> **Data for analysis**
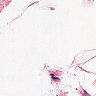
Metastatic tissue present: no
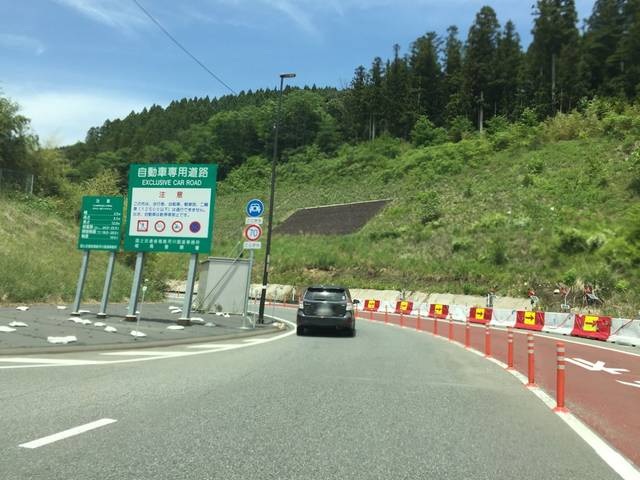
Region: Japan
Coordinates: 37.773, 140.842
--
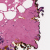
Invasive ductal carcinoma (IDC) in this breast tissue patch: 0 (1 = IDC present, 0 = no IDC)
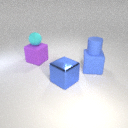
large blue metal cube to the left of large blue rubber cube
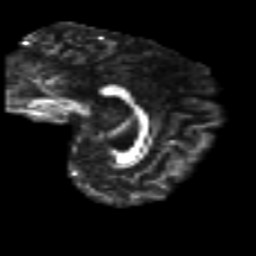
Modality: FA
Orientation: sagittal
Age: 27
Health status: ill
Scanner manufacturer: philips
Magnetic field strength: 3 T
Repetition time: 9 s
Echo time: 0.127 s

> **Goal of the exercise**
Retype the portion of the data above that starts on the line with "Scanner manufacturer: philips" and finishes on the line with "Echo time: 0.127 s", including both of those lines.

> **Written solution**
Scanner manufacturer: philips
Magnetic field strength: 3 T
Repetition time: 9 s
Echo time: 0.127 s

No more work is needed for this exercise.